A reconstruction of the Glastonbury lake village. (Tracey Croft)
The nearby village of Glastonbury was very different, partly because of the waterlogged nature of the site; it was excavated by Arthur Bulleid and Harold St George Gray more than 80 years ago and many otherwise perishable items have been preserved. It was built on an artificial island or crannog composed of tree trunks and brushwood and was completely surrounded by water, making it accessible only by boat. Alder logs, together with some of oak, ash and birch, had been felled on the shores of the lake and brought to the island, where they were laid in layers at right angles. The surface had then been levelled with bracken and peat, rubble and clay. A close-set wooden palisade around the edge of the site enclosed 1.4 ha. (3.5 acres). The posts, sharply pointed with axes, had been driven down into the peaty bed of the lake.
Within the enclosure were about 80 buildings, which were certainly not all contemporary, and only a few were major dwelling houses. A number of attempts have been made to reinterpret the old excavation report, and the writer is inclined to accept some of the views of the late Professor E.K.Tratman (1970), who considered that the village had passed through two distinct periods of occupation. At first square or rectangular houses were built, supported above the ground on oak piles. The builders were fine carpenters and all the wood was carefully jointed and the houses were skillfully constructed with walls of daubed hurdle work. After a period of abandonment, the artificial island was constructed around the ruins of the old houses, which were replaced by new circular buildings between 5.5 and 8.5 m. (6–9.3 yd) in diameter. They had walls of wattle and daub, floors of clay, some with central hearths and ovens, and reed-thatched roofs. The excavators observed the huts as low mounds, created by the build-up of as many as ten successive clay floors. Eight houses had wooden floorboards.

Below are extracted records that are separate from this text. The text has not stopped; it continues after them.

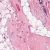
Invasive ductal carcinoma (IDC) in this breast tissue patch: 1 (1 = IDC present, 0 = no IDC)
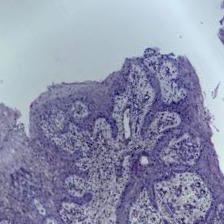
Diagnosis: OSCC
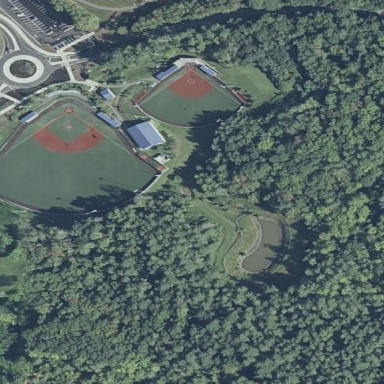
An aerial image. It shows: Baseball pitch for leisure land activities.
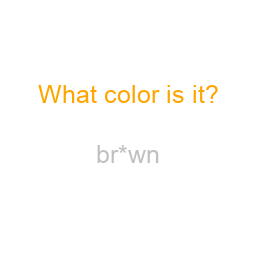
Color: silver
Color name shown: brown
Background color: white
Question text color: orange
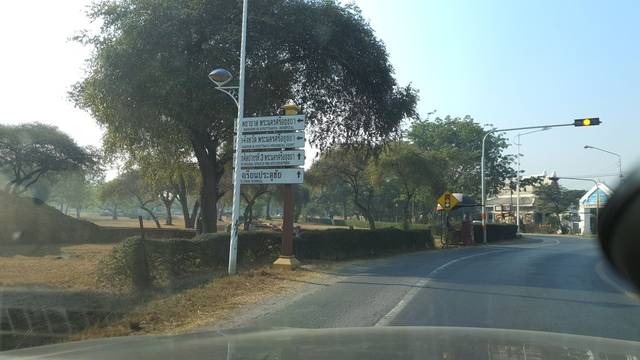
Region: Thailand
Coordinates: 14.36, 100.556
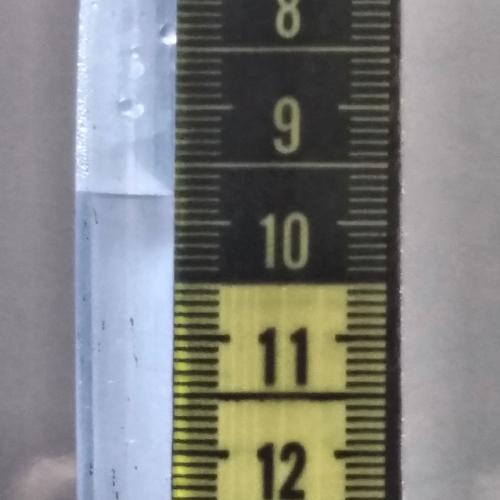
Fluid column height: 9.8 cm
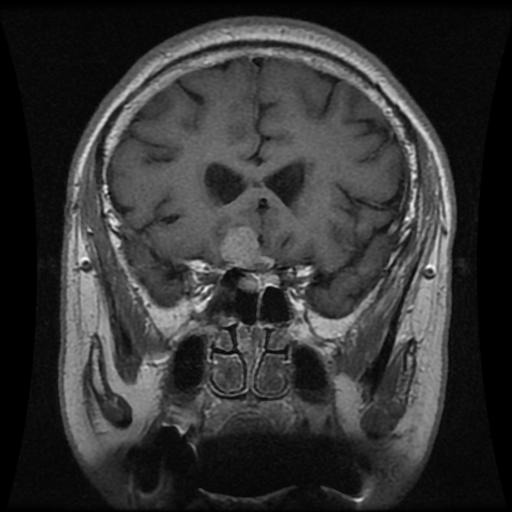
Label: pituitary
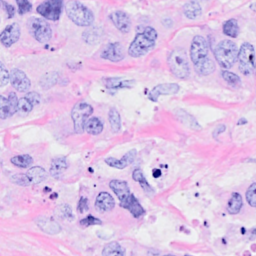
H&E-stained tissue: Breast
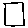
Label: square
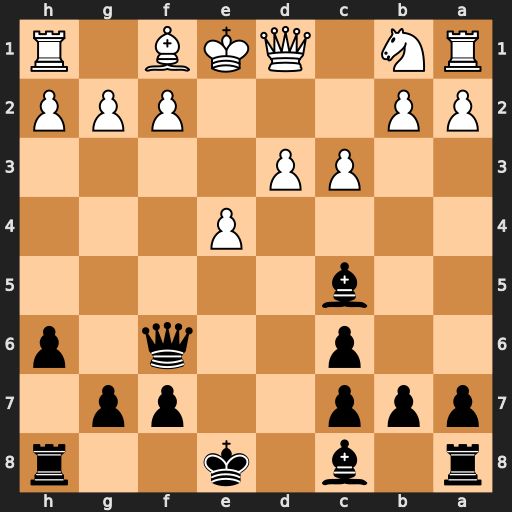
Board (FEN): r1b1k2r/ppp2pp1/2p2q1p/2b5/4P3/2PP4/PP3PPP/RN1QKB1R
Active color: b
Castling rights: KQkq
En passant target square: -
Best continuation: Qxf2#
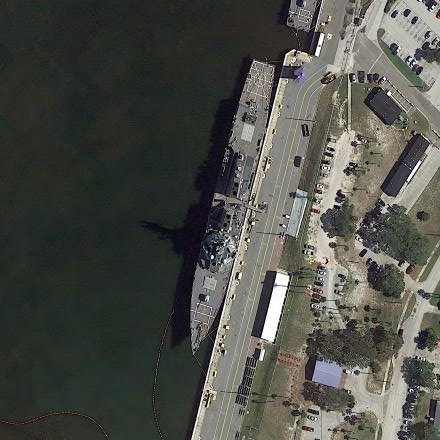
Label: destroyer
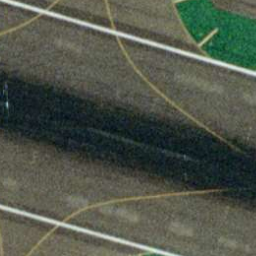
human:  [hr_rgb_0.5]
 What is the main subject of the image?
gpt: runway
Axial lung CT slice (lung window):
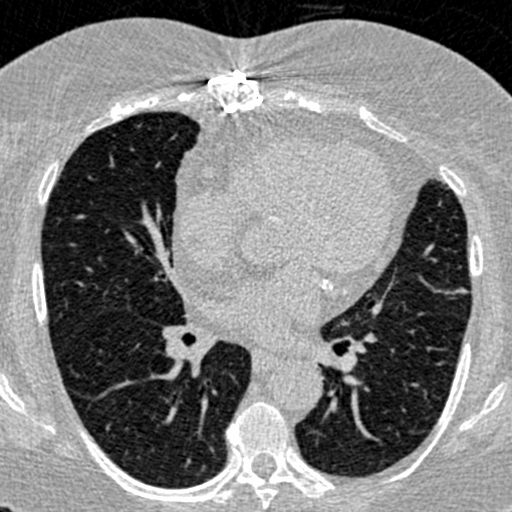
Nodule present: no
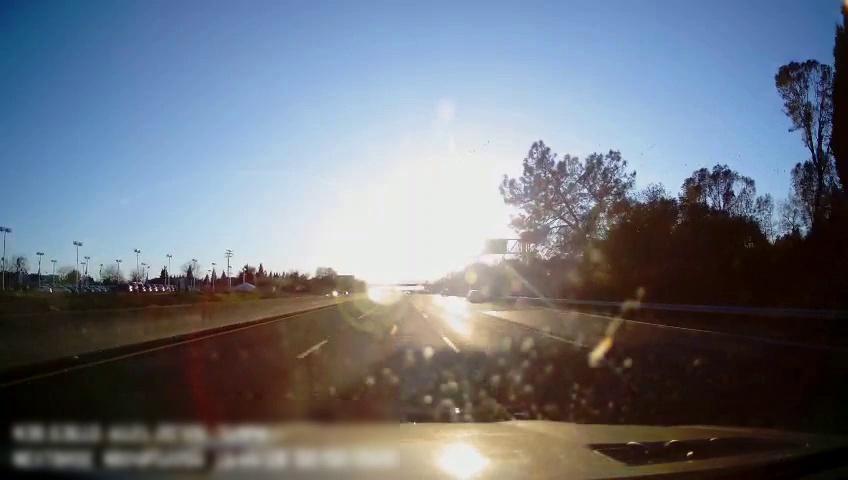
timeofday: Day
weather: Sunny
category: Drivable Space
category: Vehicles | Car
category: Lanes | Alternate Lane
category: Lanes | Alternate Lane
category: Lanes | Current Lane
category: Lanes | Current Lane
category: Lanes | Alternate Lane
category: Traffic | Signs
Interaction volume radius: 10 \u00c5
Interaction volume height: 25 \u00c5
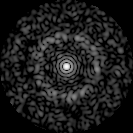
Disorder parameter: 0.8238
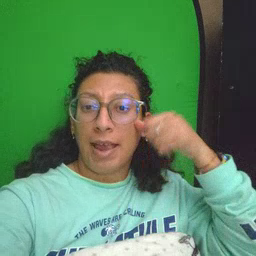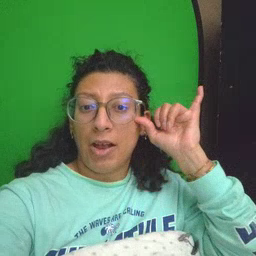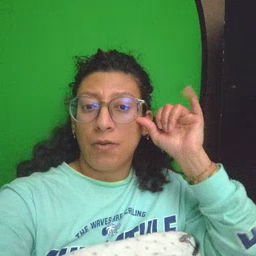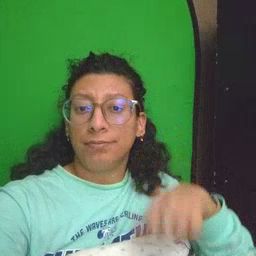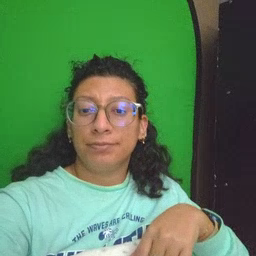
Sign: cow
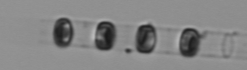
Label: Skeletonema
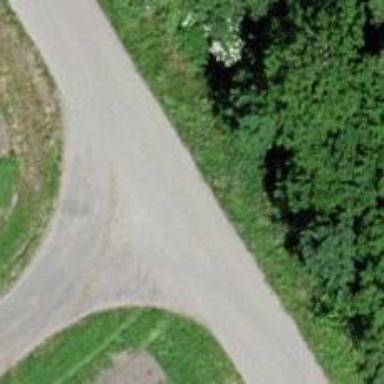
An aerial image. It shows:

The most recent study of Glastonbury, by Bryony and John Coles, speculates that the village may have been occupied for 300 to 400 years into the first century AD. They suggest that as well as a series of dwelling houses, the village contained specialized areas for working wood and bone, bronze and iron objects and pottery manufacture. Most weaving and basketry probably took place in individual houses. Because the site was waterlogged numerous wooden objects have survived, including bowls and tubs turned on a pole lathe, containers and baskets, a ladder and a stout door a metre high. Turned axle boxes and wheel spokes belonged to chariots or carts pulled by pony-sized horses which wore iron snaffle bits and bronze terret rings, as well as old-fashioned bone and antler cheek pieces in a late Bronze Age style. The wooden handles of many iron tools such as sickles and saws, knives and billhooks can still be seen in Taunton Museum, together with weaving equipment and loom weights, local glass beads and fine pottery with beautiful flowing linear patterns.
Glastonbury also produced two iron currency bars; these were long iron bars resembling swords with rounded tips. Caesar referred to them in the mid-first century BC as one of three types of currency in use in Britain at that time, the others being coins of bronze and gold. Rotary handmills or querns were replacing the earlier saddle querns and were used to grind mixtures of wheat, barley and oats, some of which were combined with honey to make bread and small cakes or buns. Wild berries, acorns, parsnips, peas and dwarf broad beans were gathered. Meat in the form of mutton and lamb was most common, followed by beef and pork and perhaps horse flesh. This was supplemented with wild birds, including the pelican, and freshwater and sea fish. Perhaps indicating the inhabitants’ relaxations were finds of bone and antler dice and dice-boxes.